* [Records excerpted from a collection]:

#####

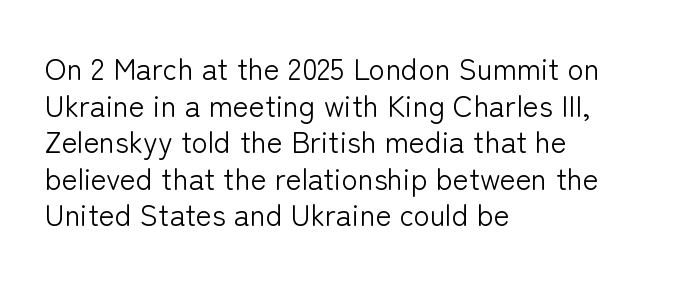
Q: Is the text bold? A: No.
Q: Is the text italic (slanted)? A: No, it is upright.
Q: Is the typeface a serif or a sans-serif typeface? A: Sans-serif.
Q: Is the text underlined? A: No.
Q: How is the paragraph aligned? A: Left-aligned.
Q: Is the spacing between letters normal or unusually wide? A: Normal.
Q: Width (condensed, normal, or wide)? A: Normal.
Q: Stroke contrast? A: Low.
Q: x-height? A: Medium.
Q: Monospaced? A: No.
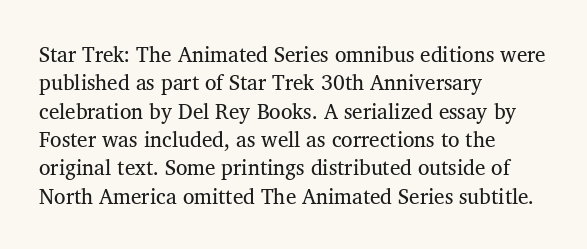
Q: Is the text bold? A: No.
Q: Is the text italic (slanted)? A: No, it is upright.
Q: Is the text underlined? A: No.
Q: How is the paragraph aligned? A: Left-aligned.
Q: Is the spacing between letters normal or unusually wide? A: Normal.
Q: Is the spacing between lines tight, normal or loose? A: Normal.

#####

* [Task statement]: A word-for-word repeat of the lines from the line with "Q: x-height? A: Medium." to the last line of the data, both ends included and pictures left out, is all that should appear.

* [Exercise solution]:
Q: x-height? A: Medium.
Q: Monospaced? A: No.
Q: Is the text bold? A: No.
Q: Is the text italic (slanted)? A: No, it is upright.
Q: Is the text underlined? A: No.
Q: How is the paragraph aligned? A: Left-aligned.
Q: Is the spacing between letters normal or unusually wide? A: Normal.
Q: Is the spacing between lines tight, normal or loose? A: Normal.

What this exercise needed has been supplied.